An early glimpse into President Mahmoud Ahmadinejad’s mindset sheds some light on this. Immediately after the Islamic Revolution swept the Ayatollah Ruhollah Khomeini to power in 1979, Mr. Ahmadinejad, then 23, joined an ultraconservative student group plotting the U.S. Embassy seizure in Tehran. When first discussed among the group’s membership, Mr. Ahmadinejad pressed to seize the Soviet Embassy too an idea rejected by the others.

This suggests while other group members apparently feared a double embassy seizure might provoke a more forceful or joint response by Washington and Moscow, Mr. Ahmadinejad gave such consequences no thought. We see, even at an early age, he was driven to act aggressively against an enemy, exercising little rational reflection of the consequences.

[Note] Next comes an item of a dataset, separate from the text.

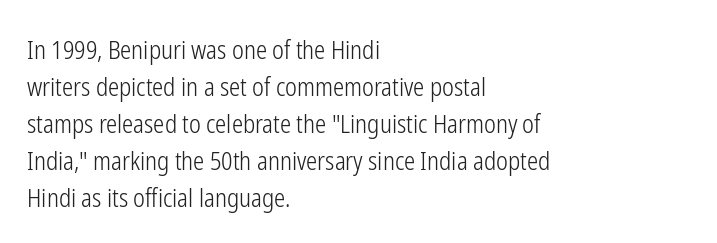
A typesetter would call this leading conventional body-copy spacing. Descender tails drop into unmarked territory. Visually the block forms a straight wall on the left and a jagged coastline on the right. Do the letters lean? They stand straight.
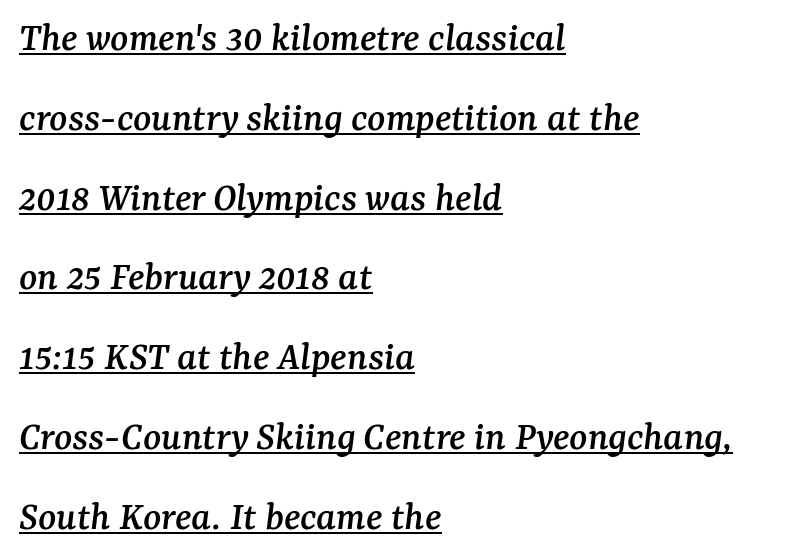
The image shows 42 px serif type, italic (leaning right); set left-aligned, loose line spacing (1.9x), normal letter spacing, underlined; medium stroke contrast and a medium x-height.

The incident reveals too Mr. Ahmadinejad’s comfort level with and perceived loyalties of his military commanders and senior government officials. He has nurtured a relationship with the IRGC by directing lucrative government contracts to its construction division; he has been quietly moving former IRGC commanders into prominent government positions; he has been carefully assigning operational responsibilities of critical military facilities to his IRGC cronies. He clearly feels he will be allowed, unlike our own president, to deal with Iran’s enemies as he sees fit.

Also telling is that IRGC, rather than regular naval forces, seized the 15 Brits. Iran has two military forces its regular forces and the IRGC. The latter was formed in 1979 as the former’s loyalty to the shah made it suspect. The IRGC commander reports directly to the supreme religious leader Ayatollah Ali Khamenei. Thus, this action had to be sanctioned by him.

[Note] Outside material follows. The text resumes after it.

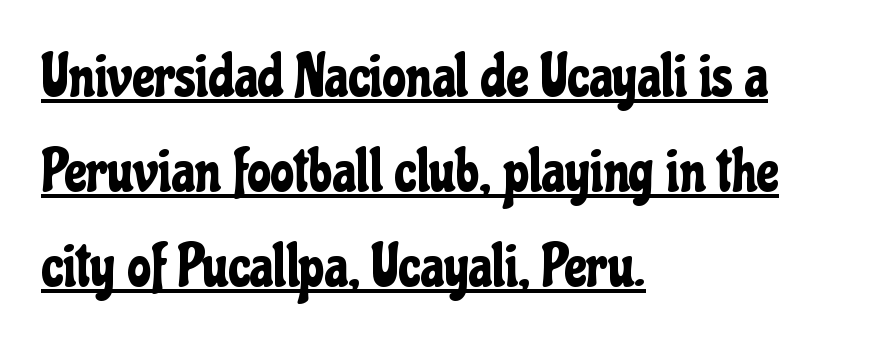
This block has exactly the height ordinary leading produces. Tracking here is standard; glyphs follow each other at the usual distance. Compared with a centered layout, this one pins lines to the left instead. The rendered words wear a rule along their underside. This is roman type, the default non-slanted kind.

Finally, also telling is Iran’s double standard. In 1979, we saw the Islamic Revolution ensconce a mindset in Tehran representing a whole new and irrational way of looking at the rest of the world. That year, the Iranian government, in its own act of “blatant aggression,” violated international law, invading and seizing U.S. territory (the U.S. Embassy in Tehran) in the only loss of U.S. territory since World War II. Embassy personnel were arrested, paraded around blindfolded, threatened continuously with death and, after 444 days, finally returned to the United States. Iran sees the world as its oyster, adhering to the perception no nation has a reciprocal right to violate its territorial sovereignty.

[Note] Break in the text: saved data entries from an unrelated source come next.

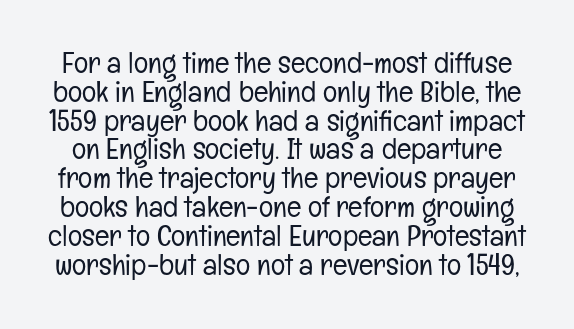
Q: Is the text bold? A: No.
Q: Is the text italic (slanted)? A: No, it is upright.
Q: Is the typeface a serif or a sans-serif typeface? A: Sans-serif.
Q: Is the text underlined? A: No.
Q: Is the spacing between letters normal or unusually wide? A: Normal.
Q: Is the spacing between lines tight, normal or loose? A: Tight.
Q: Width (condensed, normal, or wide)? A: Condensed.
Q: Stroke contrast? A: Low.
Q: x-height? A: Medium.
Q: Monospaced? A: No.

One of Britain’s greatest naval heroes, Lord Nelson, lost an eye in battle. In 1801, that loss proved useful in the early moments of another battle when Nelson’s senior, losing his nerve, signaled Nelson to retreat. Informed by his aide of the signal flag, Nelson knew this was the time to fight not flee. He placed the telescope to his blind eye, informing his aide he saw nothing, sailing off into battle and victory.

With his good eye, Nelson saw the fight must be taken to the enemy; with his blind eye he “saw” those who feared doing so.

The British response to yet another illogical and illegal act by Mr. Ahmadinejad has been Chamberlainesque. A stronger response was warranted from the 15 Brits at the time; a much stronger response is warranted now from their government. The question for Tony Blair is through which eye will he choose to focus in responding to this blatant act of aggression by Tehran.